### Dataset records
◆ ◆ ◆
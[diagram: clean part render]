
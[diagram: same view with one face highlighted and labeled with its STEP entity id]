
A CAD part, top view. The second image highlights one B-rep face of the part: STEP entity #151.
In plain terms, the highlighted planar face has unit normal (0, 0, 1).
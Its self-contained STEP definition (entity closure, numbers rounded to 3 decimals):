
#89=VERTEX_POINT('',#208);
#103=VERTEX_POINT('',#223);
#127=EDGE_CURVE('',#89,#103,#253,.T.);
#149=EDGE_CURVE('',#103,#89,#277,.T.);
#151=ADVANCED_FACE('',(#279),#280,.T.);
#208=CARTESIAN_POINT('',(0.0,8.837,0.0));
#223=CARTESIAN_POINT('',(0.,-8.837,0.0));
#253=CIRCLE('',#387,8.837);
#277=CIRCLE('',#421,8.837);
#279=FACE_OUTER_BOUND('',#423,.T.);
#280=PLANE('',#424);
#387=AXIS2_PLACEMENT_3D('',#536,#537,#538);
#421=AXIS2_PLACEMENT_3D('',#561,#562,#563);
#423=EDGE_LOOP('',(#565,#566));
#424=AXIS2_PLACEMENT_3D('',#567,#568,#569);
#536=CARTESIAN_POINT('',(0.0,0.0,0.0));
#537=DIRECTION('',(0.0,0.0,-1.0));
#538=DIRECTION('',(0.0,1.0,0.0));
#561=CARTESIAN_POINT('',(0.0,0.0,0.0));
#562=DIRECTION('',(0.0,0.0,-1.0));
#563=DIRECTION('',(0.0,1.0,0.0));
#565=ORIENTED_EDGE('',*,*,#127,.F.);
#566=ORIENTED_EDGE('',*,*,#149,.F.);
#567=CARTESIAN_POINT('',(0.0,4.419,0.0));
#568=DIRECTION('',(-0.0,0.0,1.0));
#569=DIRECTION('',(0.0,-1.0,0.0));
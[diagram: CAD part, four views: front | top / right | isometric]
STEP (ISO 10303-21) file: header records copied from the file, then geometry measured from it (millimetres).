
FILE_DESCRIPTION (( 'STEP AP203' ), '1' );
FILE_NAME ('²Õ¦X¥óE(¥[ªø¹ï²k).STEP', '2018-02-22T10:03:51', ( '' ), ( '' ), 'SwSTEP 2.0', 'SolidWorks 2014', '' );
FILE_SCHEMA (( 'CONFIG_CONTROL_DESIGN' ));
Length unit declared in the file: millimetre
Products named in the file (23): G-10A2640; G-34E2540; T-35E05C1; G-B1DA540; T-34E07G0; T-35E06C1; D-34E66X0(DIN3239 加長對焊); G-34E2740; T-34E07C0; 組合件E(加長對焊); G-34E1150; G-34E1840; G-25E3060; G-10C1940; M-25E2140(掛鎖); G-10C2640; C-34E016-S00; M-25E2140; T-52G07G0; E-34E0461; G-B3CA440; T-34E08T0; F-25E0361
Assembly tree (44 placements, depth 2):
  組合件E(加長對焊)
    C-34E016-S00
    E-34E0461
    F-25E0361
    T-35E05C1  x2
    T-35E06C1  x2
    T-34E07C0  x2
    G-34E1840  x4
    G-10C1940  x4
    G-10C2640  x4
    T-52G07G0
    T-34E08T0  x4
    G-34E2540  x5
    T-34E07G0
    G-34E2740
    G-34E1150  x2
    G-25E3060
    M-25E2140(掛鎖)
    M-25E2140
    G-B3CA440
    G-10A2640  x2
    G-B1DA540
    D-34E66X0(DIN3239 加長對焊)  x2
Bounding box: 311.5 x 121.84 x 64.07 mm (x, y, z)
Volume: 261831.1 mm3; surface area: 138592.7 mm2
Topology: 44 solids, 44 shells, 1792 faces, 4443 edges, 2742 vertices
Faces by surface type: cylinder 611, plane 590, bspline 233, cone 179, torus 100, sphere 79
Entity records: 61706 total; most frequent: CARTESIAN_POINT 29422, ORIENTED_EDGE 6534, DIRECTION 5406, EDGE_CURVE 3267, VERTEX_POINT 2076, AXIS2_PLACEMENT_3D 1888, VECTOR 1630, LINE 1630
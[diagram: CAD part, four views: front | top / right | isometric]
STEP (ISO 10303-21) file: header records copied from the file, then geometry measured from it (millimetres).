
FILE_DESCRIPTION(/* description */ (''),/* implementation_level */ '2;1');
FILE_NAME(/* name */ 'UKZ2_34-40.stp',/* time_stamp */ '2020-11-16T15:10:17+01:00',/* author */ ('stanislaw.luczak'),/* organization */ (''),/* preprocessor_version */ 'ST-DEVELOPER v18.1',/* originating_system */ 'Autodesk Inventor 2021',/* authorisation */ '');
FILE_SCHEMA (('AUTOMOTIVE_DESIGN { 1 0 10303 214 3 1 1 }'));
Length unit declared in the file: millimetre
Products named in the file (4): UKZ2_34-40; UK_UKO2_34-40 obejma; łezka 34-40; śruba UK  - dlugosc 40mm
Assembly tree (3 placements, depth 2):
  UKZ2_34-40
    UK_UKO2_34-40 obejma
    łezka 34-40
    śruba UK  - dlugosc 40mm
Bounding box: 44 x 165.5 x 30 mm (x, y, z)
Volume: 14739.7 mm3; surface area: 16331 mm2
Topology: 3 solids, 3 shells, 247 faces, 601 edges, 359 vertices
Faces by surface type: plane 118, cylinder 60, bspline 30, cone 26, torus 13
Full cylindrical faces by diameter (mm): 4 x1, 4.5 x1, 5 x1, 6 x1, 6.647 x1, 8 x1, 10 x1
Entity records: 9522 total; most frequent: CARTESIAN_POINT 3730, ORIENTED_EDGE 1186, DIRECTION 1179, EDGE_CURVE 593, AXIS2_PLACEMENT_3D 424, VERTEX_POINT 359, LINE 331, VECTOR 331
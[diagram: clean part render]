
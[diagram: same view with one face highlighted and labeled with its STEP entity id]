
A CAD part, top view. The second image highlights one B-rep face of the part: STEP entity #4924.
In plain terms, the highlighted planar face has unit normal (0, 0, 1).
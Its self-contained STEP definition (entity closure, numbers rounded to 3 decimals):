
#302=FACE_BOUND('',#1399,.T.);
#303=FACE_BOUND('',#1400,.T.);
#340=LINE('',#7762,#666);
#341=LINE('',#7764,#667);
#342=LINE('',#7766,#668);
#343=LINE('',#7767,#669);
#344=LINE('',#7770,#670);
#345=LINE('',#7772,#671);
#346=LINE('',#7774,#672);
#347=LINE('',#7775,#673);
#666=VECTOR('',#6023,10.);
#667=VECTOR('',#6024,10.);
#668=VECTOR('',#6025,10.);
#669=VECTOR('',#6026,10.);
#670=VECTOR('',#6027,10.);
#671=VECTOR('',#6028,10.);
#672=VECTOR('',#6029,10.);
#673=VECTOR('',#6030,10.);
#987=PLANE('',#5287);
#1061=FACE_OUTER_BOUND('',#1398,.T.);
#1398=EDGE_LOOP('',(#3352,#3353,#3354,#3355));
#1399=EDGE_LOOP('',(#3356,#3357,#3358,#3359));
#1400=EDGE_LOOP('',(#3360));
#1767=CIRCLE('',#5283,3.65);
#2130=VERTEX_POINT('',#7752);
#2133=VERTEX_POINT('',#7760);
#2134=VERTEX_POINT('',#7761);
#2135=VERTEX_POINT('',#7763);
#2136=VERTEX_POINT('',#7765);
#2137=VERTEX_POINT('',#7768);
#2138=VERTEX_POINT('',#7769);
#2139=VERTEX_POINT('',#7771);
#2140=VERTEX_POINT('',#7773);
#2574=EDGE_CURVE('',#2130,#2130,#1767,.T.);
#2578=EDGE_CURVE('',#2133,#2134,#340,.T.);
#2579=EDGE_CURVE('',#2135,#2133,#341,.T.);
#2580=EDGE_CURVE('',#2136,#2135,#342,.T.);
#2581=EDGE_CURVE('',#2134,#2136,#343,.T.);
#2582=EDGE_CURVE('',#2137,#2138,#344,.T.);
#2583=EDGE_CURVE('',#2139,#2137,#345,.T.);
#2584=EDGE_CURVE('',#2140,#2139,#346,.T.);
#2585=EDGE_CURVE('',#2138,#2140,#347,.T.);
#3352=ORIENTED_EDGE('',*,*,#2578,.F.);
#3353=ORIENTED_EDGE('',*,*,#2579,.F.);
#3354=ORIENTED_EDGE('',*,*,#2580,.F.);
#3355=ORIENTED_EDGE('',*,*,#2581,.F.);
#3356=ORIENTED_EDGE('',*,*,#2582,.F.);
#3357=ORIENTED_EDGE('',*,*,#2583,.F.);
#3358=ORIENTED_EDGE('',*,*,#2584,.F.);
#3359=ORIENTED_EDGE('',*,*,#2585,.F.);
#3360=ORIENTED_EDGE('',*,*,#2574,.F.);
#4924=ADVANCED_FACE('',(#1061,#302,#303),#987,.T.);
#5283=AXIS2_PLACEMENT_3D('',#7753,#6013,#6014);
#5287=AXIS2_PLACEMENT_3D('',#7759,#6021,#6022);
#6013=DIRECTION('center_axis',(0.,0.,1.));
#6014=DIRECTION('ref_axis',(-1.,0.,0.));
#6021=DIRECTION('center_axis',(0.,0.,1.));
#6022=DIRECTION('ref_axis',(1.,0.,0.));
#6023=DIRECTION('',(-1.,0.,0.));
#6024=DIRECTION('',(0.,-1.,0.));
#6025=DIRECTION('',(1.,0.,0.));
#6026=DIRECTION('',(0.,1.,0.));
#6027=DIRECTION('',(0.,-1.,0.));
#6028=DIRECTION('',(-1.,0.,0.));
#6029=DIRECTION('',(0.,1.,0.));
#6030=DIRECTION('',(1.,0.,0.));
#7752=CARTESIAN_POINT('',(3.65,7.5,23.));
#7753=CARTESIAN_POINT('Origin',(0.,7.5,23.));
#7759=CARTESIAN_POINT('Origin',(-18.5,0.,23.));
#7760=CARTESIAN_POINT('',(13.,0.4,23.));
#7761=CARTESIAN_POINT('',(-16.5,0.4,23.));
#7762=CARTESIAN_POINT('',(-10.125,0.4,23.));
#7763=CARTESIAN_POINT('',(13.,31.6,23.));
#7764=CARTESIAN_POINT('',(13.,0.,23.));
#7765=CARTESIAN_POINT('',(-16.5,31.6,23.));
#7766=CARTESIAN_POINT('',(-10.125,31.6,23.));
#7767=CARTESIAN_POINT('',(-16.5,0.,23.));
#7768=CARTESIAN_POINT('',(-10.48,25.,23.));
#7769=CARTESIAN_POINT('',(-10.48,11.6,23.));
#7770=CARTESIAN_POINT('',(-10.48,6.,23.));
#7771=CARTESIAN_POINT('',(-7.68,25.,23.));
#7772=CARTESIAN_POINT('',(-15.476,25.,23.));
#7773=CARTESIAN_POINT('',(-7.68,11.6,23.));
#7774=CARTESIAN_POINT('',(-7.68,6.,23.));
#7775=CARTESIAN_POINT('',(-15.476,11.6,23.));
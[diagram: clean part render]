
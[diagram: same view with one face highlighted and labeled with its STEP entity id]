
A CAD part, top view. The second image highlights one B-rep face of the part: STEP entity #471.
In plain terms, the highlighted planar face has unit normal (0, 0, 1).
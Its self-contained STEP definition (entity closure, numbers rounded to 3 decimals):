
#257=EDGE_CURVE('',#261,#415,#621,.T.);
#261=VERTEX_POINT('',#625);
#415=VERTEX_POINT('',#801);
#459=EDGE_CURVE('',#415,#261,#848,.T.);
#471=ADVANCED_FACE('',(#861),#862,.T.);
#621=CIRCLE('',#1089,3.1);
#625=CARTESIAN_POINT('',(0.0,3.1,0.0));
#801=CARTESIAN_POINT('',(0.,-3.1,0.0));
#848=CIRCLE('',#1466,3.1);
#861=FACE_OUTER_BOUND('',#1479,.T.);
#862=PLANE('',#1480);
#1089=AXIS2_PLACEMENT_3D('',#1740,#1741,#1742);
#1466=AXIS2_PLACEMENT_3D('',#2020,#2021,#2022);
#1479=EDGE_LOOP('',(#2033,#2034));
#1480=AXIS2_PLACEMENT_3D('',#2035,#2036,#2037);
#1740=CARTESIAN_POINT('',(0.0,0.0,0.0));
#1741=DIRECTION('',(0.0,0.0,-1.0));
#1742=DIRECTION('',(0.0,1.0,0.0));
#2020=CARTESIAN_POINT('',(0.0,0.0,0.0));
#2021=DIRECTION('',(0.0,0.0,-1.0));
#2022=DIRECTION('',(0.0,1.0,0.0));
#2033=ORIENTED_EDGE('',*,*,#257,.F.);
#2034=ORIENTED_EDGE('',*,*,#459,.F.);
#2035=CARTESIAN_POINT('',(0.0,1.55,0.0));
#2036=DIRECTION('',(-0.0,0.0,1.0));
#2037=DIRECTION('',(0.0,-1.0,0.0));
◆ ◆ ◆
### About this task
Look for the word "surface" in the data, then return every line that contains it.

### Your response
Volume: 261831.1 mm3; surface area: 138592.7 mm2
Faces by surface type: cylinder 611, plane 590, bspline 233, cone 179, torus 100, sphere 79
Volume: 14739.7 mm3; surface area: 16331 mm2
Faces by surface type: plane 118, cylinder 60, bspline 30, cone 26, torus 13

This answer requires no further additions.